### Exercise description
Would you retype the entries from the first line to the line bearing "[391,503,419,525]", both included, leaving out every picture?

....................

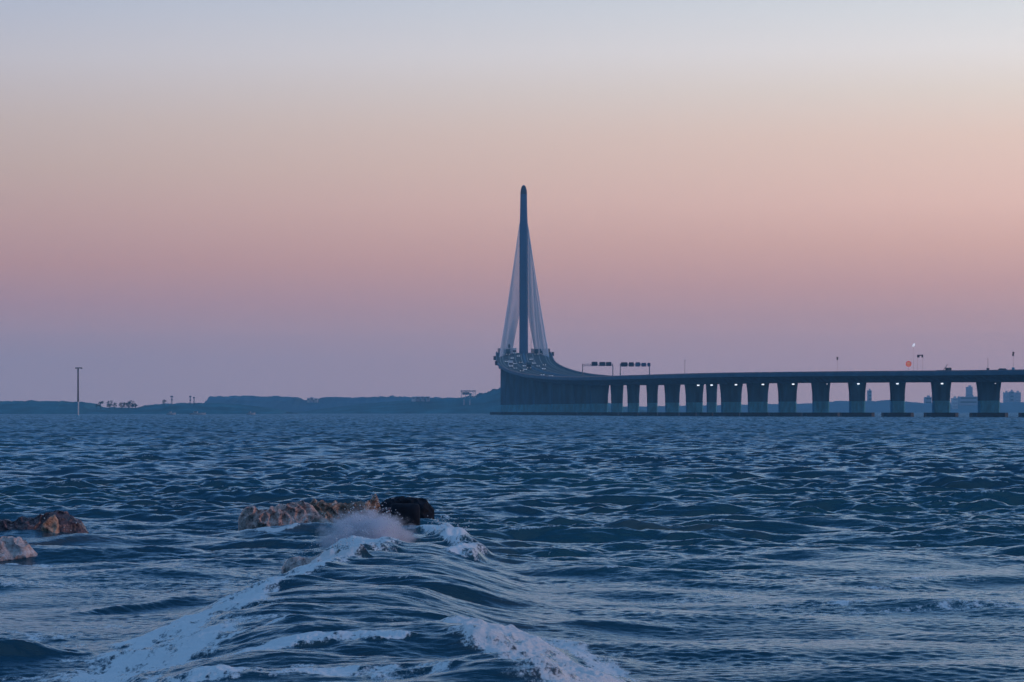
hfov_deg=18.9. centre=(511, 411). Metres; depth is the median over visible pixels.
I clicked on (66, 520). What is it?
rock
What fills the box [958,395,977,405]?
tower block
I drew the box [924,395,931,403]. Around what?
tower block
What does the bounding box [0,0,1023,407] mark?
sky
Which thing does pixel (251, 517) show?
rock
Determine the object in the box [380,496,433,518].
rock
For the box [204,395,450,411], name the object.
hills
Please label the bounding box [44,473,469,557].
spray drops
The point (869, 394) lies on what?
tower block
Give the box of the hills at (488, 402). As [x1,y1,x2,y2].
[283,387,646,413]
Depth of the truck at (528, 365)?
1656.06 m
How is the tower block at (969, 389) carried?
on the shore
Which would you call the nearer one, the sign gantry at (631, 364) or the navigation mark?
the navigation mark
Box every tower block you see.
[867,389,871,400]
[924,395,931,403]
[951,396,957,408]
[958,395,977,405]
[966,385,972,394]
[1003,391,1008,402]
[1008,390,1013,401]
[1014,391,1020,401]
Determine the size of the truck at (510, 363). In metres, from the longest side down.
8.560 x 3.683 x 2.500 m
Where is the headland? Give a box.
[0,400,296,413]
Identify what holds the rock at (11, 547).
in the sea
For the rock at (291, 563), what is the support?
in the sea
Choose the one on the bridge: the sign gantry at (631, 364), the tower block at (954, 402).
the sign gantry at (631, 364)
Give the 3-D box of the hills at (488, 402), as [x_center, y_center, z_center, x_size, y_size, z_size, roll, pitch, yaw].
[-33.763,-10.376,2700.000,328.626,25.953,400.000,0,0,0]
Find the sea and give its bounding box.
[0,412,1023,681]
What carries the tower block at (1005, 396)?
on the shore
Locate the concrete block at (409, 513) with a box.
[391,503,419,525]
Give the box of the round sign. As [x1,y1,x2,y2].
[906,361,910,370]
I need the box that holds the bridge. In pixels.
[490,185,1023,416]
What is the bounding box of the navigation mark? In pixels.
[75,367,81,415]
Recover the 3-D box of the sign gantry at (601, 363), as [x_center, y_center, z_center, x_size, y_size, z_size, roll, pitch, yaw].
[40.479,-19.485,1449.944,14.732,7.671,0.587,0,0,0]
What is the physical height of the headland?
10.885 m
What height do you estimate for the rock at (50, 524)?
0.537 m
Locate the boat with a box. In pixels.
[189,411,205,414]
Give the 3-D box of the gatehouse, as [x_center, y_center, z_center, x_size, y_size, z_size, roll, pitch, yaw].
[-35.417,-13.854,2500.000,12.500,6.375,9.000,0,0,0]
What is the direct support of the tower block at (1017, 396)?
on the shore
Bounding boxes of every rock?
[0,510,88,533]
[0,536,37,560]
[41,515,59,532]
[238,501,331,530]
[281,554,320,573]
[309,494,380,524]
[378,507,390,524]
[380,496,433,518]
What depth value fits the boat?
1699.11 m
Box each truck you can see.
[508,360,512,366]
[526,362,530,368]
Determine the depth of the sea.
42.60 m
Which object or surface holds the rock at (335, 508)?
in the sea
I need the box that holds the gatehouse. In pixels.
[461,390,475,397]
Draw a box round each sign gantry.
[582,362,612,375]
[620,362,650,374]
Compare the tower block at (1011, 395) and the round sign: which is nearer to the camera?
the round sign
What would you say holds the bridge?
on the sea
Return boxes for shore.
[626,400,1023,412]
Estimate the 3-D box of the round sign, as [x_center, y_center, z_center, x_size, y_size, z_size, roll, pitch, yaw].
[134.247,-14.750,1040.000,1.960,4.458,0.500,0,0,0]
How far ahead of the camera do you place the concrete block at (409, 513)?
51.25 m
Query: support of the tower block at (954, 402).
on the shore
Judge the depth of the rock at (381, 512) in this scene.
51.88 m

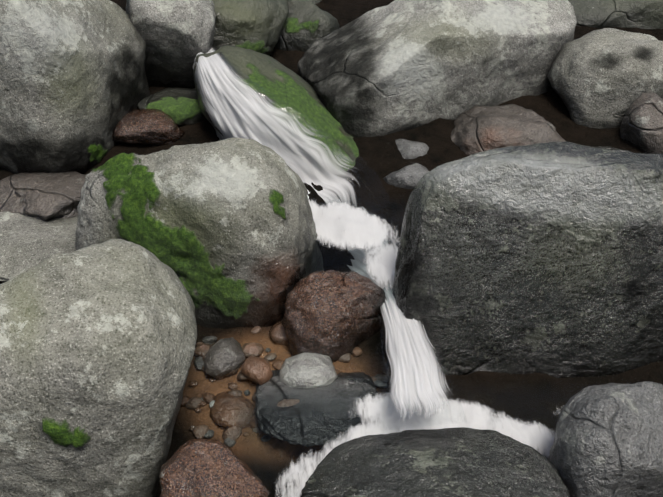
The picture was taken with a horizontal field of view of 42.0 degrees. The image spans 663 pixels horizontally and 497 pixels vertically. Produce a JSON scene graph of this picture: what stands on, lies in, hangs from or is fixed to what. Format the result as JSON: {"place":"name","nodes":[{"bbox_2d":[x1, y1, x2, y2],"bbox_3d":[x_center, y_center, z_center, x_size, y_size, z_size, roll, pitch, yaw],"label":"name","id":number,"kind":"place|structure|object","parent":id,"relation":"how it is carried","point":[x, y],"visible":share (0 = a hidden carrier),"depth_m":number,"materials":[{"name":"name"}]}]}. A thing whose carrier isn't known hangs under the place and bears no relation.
{"place":"outdoors","nodes":[
{"label":"outdoors","id":0,"kind":"place"},
{"bbox_2d":[0,0,662,496],"bbox_3d":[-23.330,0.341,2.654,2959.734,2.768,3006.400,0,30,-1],"label":"stream bed","id":1,"kind":"object","parent":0,"point":[378,158],"visible":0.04,"depth_m":3.04,"materials":[{"name":"brown soil"}]},
{"bbox_2d":[0,211,78,281],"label":"slab boulder","id":2,"kind":"object","parent":1,"relation":"on","point":[27,243],"visible":0.33,"depth_m":3.30,"materials":[{"name":"grey stone"}]},
{"bbox_2d":[0,171,85,220],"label":"rock","id":3,"kind":"object","parent":1,"relation":"on","point":[44,196],"visible":0.48,"depth_m":3.54,"materials":[{"name":"grey stone"}]},
{"bbox_2d":[0,0,149,173],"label":"boulder","id":4,"kind":"object","parent":1,"relation":"on","point":[74,88],"visible":0.81,"depth_m":3.59,"materials":[{"name":"grey stone"}]},
{"bbox_2d":[0,239,196,496],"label":"boulder","id":5,"kind":"object","parent":1,"relation":"on","point":[97,345],"visible":1,"depth_m":2.32,"materials":[{"name":"grey stone"}]},
{"bbox_2d":[112,109,184,145],"bbox_3d":[-0.839,-0.543,3.933,0.342,0.162,0.242,0,30,-1],"label":"rock","id":6,"kind":"object","parent":1,"relation":"on","point":[153,127],"visible":0.9,"depth_m":3.85,"materials":[{"name":"brown stone"}]},
{"bbox_2d":[126,0,215,88],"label":"round boulder","id":7,"kind":"object","parent":1,"relation":"on","point":[177,36],"visible":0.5,"depth_m":4.01,"materials":[{"name":"stone"}]},
{"bbox_2d":[137,87,204,125],"bbox_3d":[-0.724,-0.647,4.102,0.380,0.193,0.332,0,30,-1],"label":"mossy rock","id":8,"kind":"object","parent":1,"relation":"on","point":[180,106],"visible":0.44,"depth_m":3.98,"materials":[{"name":"stone"}]},
{"bbox_2d":[75,138,323,328],"bbox_3d":[-0.475,0.027,3.275,0.888,0.984,0.590,12,32,20],"label":"mossy boulder","id":9,"kind":"object","parent":1,"relation":"on","point":[225,230],"visible":0.54,"depth_m":2.95,"materials":[{"name":"grey stone"}]},
{"bbox_2d":[159,438,269,496],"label":"brown rock","id":10,"kind":"object","parent":1,"relation":"on","point":[201,467],"visible":1,"depth_m":2.31,"materials":[{"name":"brown stone"}]},
{"bbox_2d":[212,0,288,55],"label":"mossy boulder","id":11,"kind":"object","parent":1,"relation":"on","point":[256,25],"visible":0.29,"depth_m":4.24,"materials":[{"name":"stone"}]},
{"bbox_2d":[195,321,337,428],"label":"streambed cobbles","id":12,"kind":"object","parent":1,"relation":"on","point":[225,357],"visible":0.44,"depth_m":2.84,"materials":[{"name":"stone"}]},
{"bbox_2d":[193,45,358,171],"bbox_3d":[-0.135,-0.495,3.970,1.055,0.765,0.535,10,32,17],"label":"boulder","id":13,"kind":"object","parent":1,"relation":"on","point":[289,89],"visible":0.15,"depth_m":3.82,"materials":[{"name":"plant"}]},
{"bbox_2d":[173,325,391,453],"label":"shallow water","id":14,"kind":"structure","parent":1,"relation":"on","point":[254,405],"depth_m":2.77,"materials":[{"name":"liquid"}]},
{"bbox_2d":[180,326,389,447],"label":"pebbles","id":15,"kind":"object","parent":1,"relation":"on","point":[248,349],"visible":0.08,"depth_m":2.86,"materials":[{"name":"stone"}]},
{"bbox_2d":[192,44,388,242],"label":"cascade water","id":16,"kind":"structure","parent":1,"relation":"on","point":[236,107],"depth_m":3.67,"materials":[{"name":"white liquid"}]},
{"bbox_2d":[275,0,339,51],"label":"dark boulder","id":17,"kind":"object","parent":1,"relation":"on","point":[307,24],"visible":0.38,"depth_m":4.45,"materials":[{"name":"stone"}]},
{"bbox_2d":[254,370,378,446],"bbox_3d":[-0.037,0.497,2.780,0.421,0.060,0.404,0,30,-1],"label":"wet rock","id":18,"kind":"object","parent":1,"relation":"on","point":[266,404],"visible":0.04,"depth_m":2.72,"materials":[{"name":"stone"}]},
{"bbox_2d":[281,269,386,362],"bbox_3d":[0.017,0.261,3.011,0.380,0.364,0.284,0,30,-1],"label":"boulder","id":19,"kind":"object","parent":1,"relation":"on","point":[333,315],"visible":0.79,"depth_m":2.90,"materials":[{"name":"brown stone"}]},
{"bbox_2d":[288,195,402,300],"bbox_3d":[0.133,-0.004,3.157,0.686,0.145,0.610,0,30,-1],"label":"foam","id":20,"kind":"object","parent":1,"relation":"on","point":[342,225],"depth_m":3.19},
{"bbox_2d":[315,194,390,284],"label":"water pool","id":21,"kind":"structure","parent":1,"relation":"on","point":[356,262],"depth_m":3.30,"materials":[{"name":"liquid"}]},
{"bbox_2d":[383,163,429,188],"bbox_3d":[0.331,-0.258,3.735,0.255,0.221,0.168,15,33,24],"label":"grey rock","id":22,"kind":"object","parent":1,"relation":"on","point":[409,176],"visible":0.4,"depth_m":3.65,"materials":[{"name":"stone"}]},
{"bbox_2d":[395,139,428,158],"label":"grey rock","id":23,"kind":"object","parent":1,"relation":"on","point":[407,149],"visible":0.33,"depth_m":3.82,"materials":[{"name":"stone"}]},
{"bbox_2d":[379,284,463,426],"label":"waterfall","id":24,"kind":"object","parent":1,"relation":"on","point":[417,379],"visible":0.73,"depth_m":2.60,"materials":[{"name":"white liquid"}]},
{"bbox_2d":[301,427,569,496],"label":"boulder","id":25,"kind":"object","parent":1,"relation":"on","point":[458,462],"visible":1,"depth_m":2.29,"materials":[{"name":"stone"}]},
{"bbox_2d":[297,0,576,136],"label":"block boulder","id":26,"kind":"object","parent":1,"relation":"on","point":[394,66],"visible":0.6,"depth_m":3.95,"materials":[{"name":"stone"}]},
{"bbox_2d":[450,104,566,155],"bbox_3d":[0.791,-0.466,3.970,0.538,0.330,0.440,0,30,-1],"label":"rock","id":27,"kind":"object","parent":1,"relation":"on","point":[477,128],"visible":0.58,"depth_m":3.82,"materials":[{"name":"stone"}]},
{"bbox_2d":[393,142,662,377],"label":"boulder","id":28,"kind":"object","parent":1,"relation":"on","point":[545,258],"visible":0.69,"depth_m":2.78,"materials":[{"name":"stone"}]},
{"bbox_2d":[575,143,620,149],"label":"rock","id":29,"kind":"object","parent":1,"relation":"on","point":[608,148],"depth_m":3.85,"materials":[{"name":"stone"}]},
{"bbox_2d":[547,28,662,128],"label":"boulder","id":30,"kind":"object","parent":1,"relation":"on","point":[603,78],"visible":0.77,"depth_m":3.93,"materials":[{"name":"grey stone"}]},
{"bbox_2d":[548,381,662,496],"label":"boulder","id":31,"kind":"object","parent":1,"relation":"on","point":[608,441],"visible":0.88,"depth_m":2.24,"materials":[{"name":"stone"}]},
{"bbox_2d":[568,0,662,28],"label":"boulder","id":32,"kind":"object","parent":1,"relation":"on","point":[644,14],"visible":0.35,"depth_m":4.66,"materials":[{"name":"stone"}]},
{"bbox_2d":[620,92,662,153],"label":"boulder","id":33,"kind":"object","parent":1,"relation":"on","point":[641,127],"visible":0.71,"depth_m":3.76,"materials":[{"name":"grey stone"}]},
{"bbox_2d":[240,378,596,496],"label":"pool water","id":34,"kind":"structure","parent":0,"point":[538,437],"depth_m":2.56,"materials":[{"name":"white liquid"}]}
]}

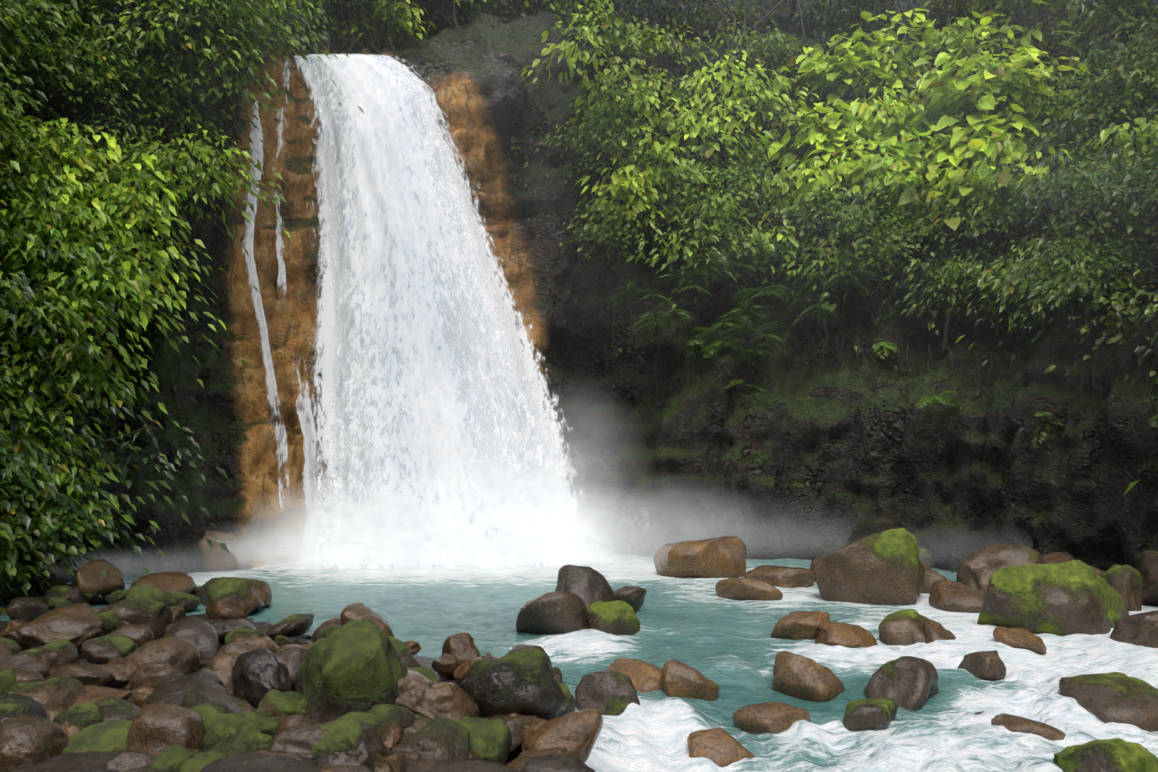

....................

### Solution
hfov_deg=18.9. centre=(511, 411). Metres; depth is the median over visible pixels.
I clicked on (66, 520). What is it?
rock
What fills the box [958,395,977,405]?
tower block
I drew the box [924,395,931,403]. Around what?
tower block
What does the bounding box [0,0,1023,407] mark?
sky
Which thing does pixel (251, 517) show?
rock
Determine the object in the box [380,496,433,518].
rock
For the box [204,395,450,411], name the object.
hills
Please label the bounding box [44,473,469,557].
spray drops
The point (869, 394) lies on what?
tower block
Give the box of the hills at (488, 402). As [x1,y1,x2,y2].
[283,387,646,413]
Depth of the truck at (528, 365)?
1656.06 m
How is the tower block at (969, 389) carried?
on the shore
Which would you call the nearer one, the sign gantry at (631, 364) or the navigation mark?
the navigation mark
Box every tower block you see.
[867,389,871,400]
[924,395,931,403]
[951,396,957,408]
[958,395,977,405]
[966,385,972,394]
[1003,391,1008,402]
[1008,390,1013,401]
[1014,391,1020,401]
Determine the size of the truck at (510, 363). In metres, from the longest side down.
8.560 x 3.683 x 2.500 m
Where is the headland? Give a box.
[0,400,296,413]
Identify what holds the rock at (11, 547).
in the sea
For the rock at (291, 563), what is the support?
in the sea
Choose the one on the bridge: the sign gantry at (631, 364), the tower block at (954, 402).
the sign gantry at (631, 364)
Give the 3-D box of the hills at (488, 402), as [x_center, y_center, z_center, x_size, y_size, z_size, roll, pitch, yaw].
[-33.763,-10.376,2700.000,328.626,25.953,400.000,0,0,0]
Find the sea and give its bounding box.
[0,412,1023,681]
What carries the tower block at (1005, 396)?
on the shore
Locate the concrete block at (409, 513) with a box.
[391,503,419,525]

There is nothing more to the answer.